At Home, Arlington, Massachusetts
Still no period. I can't imagine I'm not pregnant. However, I have now taken three pregnancy tests and all have been negative. Three is extreme. And it's still pretty early. But I feel like I'm going crazy not knowing. Plus I realized this morning that I did the first two incorrectly and so I went to the CVS to buy another box. I was super careful on the third one, but no results.
This is starting to become really difficult emotionally. And if it's this hard without that much riding on it, I can't imagine what it is like for our friends who are struggling with infertility. It must feel like you are going out of your mind.

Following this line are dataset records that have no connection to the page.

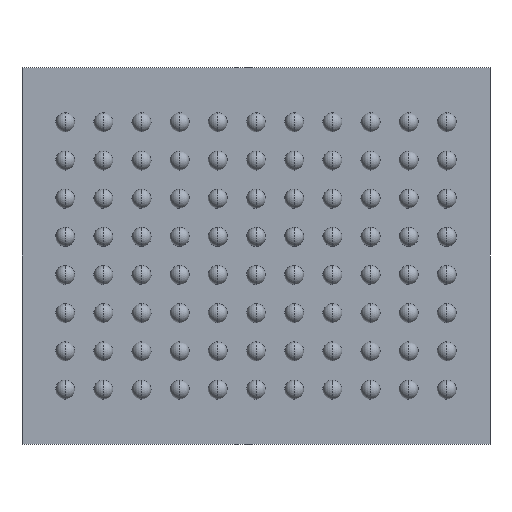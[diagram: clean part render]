
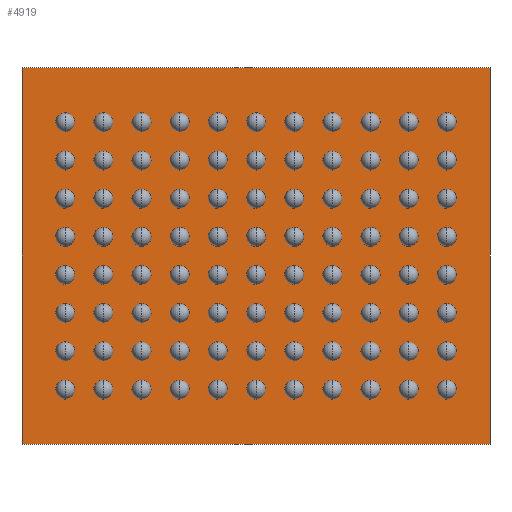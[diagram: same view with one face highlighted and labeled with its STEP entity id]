
A CAD part, front view. The second image highlights one B-rep face of the part: STEP entity #4919.
In plain terms, the highlighted planar face has unit normal (0, -1, 0).
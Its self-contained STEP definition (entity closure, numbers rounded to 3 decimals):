
#4772 = CARTESIAN_POINT ( 'NONE',  ( -3.065, 0.2, 2.465 ) ) ;
#4773 = VERTEX_POINT ( 'NONE', #4772 ) ;
#4774 = CARTESIAN_POINT ( 'NONE',  ( 3.065, 0.2, 2.465 ) ) ;
#4775 = VERTEX_POINT ( 'NONE', #4774 ) ;
#4776 = CARTESIAN_POINT ( 'NONE',  ( -3.065, 0.2, 2.465 ) ) ;
#4777 = DIRECTION ( 'NONE',  ( 1., 0., 0. ) ) ;
#4778 = VECTOR ( 'NONE', #4777, 1000. ) ;
#4779 = LINE ( 'NONE', #4776, #4778 ) ;
#4780 = EDGE_CURVE ( 'NONE', #4773, #4775, #4779, .T. ) ;
#4812 = CARTESIAN_POINT ( 'NONE',  ( 3.065, 0.2, -2.465 ) ) ;
#4813 = VERTEX_POINT ( 'NONE', #4812 ) ;
#4814 = CARTESIAN_POINT ( 'NONE',  ( 3.065, 0.2, -2.465 ) ) ;
#4815 = DIRECTION ( 'NONE',  ( 0., 0., -1. ) ) ;
#4816 = VECTOR ( 'NONE', #4815, 1000. ) ;
#4817 = LINE ( 'NONE', #4814, #4816 ) ;
#4818 = EDGE_CURVE ( 'NONE', #4775, #4813, #4817, .T. ) ;
#4843 = CARTESIAN_POINT ( 'NONE',  ( -3.065, 0.2, -2.465 ) ) ;
#4844 = VERTEX_POINT ( 'NONE', #4843 ) ;
#4845 = CARTESIAN_POINT ( 'NONE',  ( -3.065, 0.2, -2.465 ) ) ;
#4846 = DIRECTION ( 'NONE',  ( -1., 0., 0. ) ) ;
#4847 = VECTOR ( 'NONE', #4846, 1000. ) ;
#4848 = LINE ( 'NONE', #4845, #4847 ) ;
#4849 = EDGE_CURVE ( 'NONE', #4813, #4844, #4848, .T. ) ;
#4874 = CARTESIAN_POINT ( 'NONE',  ( -3.065, 0.2, -2.465 ) ) ;
#4875 = DIRECTION ( 'NONE',  ( 0., 0., 1. ) ) ;
#4876 = VECTOR ( 'NONE', #4875, 1000. ) ;
#4877 = LINE ( 'NONE', #4874, #4876 ) ;
#4878 = EDGE_CURVE ( 'NONE', #4844, #4773, #4877, .T. ) ;
#4908 = ORIENTED_EDGE ( 'NONE', *, *, #4780, .F. ) ;
#4909 = ORIENTED_EDGE ( 'NONE', *, *, #4878, .F. ) ;
#4910 = ORIENTED_EDGE ( 'NONE', *, *, #4849, .F. ) ;
#4911 = ORIENTED_EDGE ( 'NONE', *, *, #4818, .F. ) ;
#4912 = EDGE_LOOP ( 'NONE', ( #4908, #4909, #4910, #4911 ) ) ;
#4913 = FACE_OUTER_BOUND ( 'NONE', #4912, .T. ) ;
#4914 = CARTESIAN_POINT ( 'NONE',  ( 0., 0.2, 0. ) ) ;
#4915 = DIRECTION ( 'NONE',  ( 0., -1., 0. ) ) ;
#4916 = DIRECTION ( 'NONE',  ( 1., 0., 0. ) ) ;
#4917 = AXIS2_PLACEMENT_3D ( 'NONE', #4914, #4915, #4916 ) ;
#4918 = PLANE ( 'NONE', #4917 ) ;
#4919 = ADVANCED_FACE ( 'NONE', ( #4913 ), #4918, .T. ) ;

The problem is that if I think about it at all, I start to really want a baby. All of the warm fuzzy feelings that I've ever heard people talk about start to waft up through my body and I have to stamp them down pretty quickly. Because, I think it would be pretty hard to find out we're not pregnant. I would feel really, really sad. So for the last four days I keep wavering between these two emotions – excitement and joy when I think I probably am pregnant and disappointment and sadness when I think my period is going to start. And once again, it's just all so subjective at this point. These are all just feelings and can't really tell me anything about what's really going on.
I never thought I would be happier to see a little blue line, but man, all of this waiting is making that blue line feel like the victor's crown at then end of a long, slow, uncertain week.
About the Project
This is a very personal project. It tracks my growth and development as I journeyed toward motherhood over the recent years. It doesn't document every experience I had, and probably neglects my more joyful and peaceful moments in the frenzy of trying to communicate my fears, anxieties, and doubts. If you are a friend or loved one, please do not let anything you read here overshadow what you know of me personally. If you are a stranger, please remember that a living and flawed person stands behind these words. To all my guests here, please understand these are not political statements and try to extend me grace, even as I share my failures and foibles - I have repented of much of what I share. I don't share this journal as an exemplar, but rather out of the desire to share my hope that entrance to motherhood does not need to be a fearful thing - despite the very real fears I have fought against. Motherhood is simply a part of life and one through which I am discovering more of myself and my God.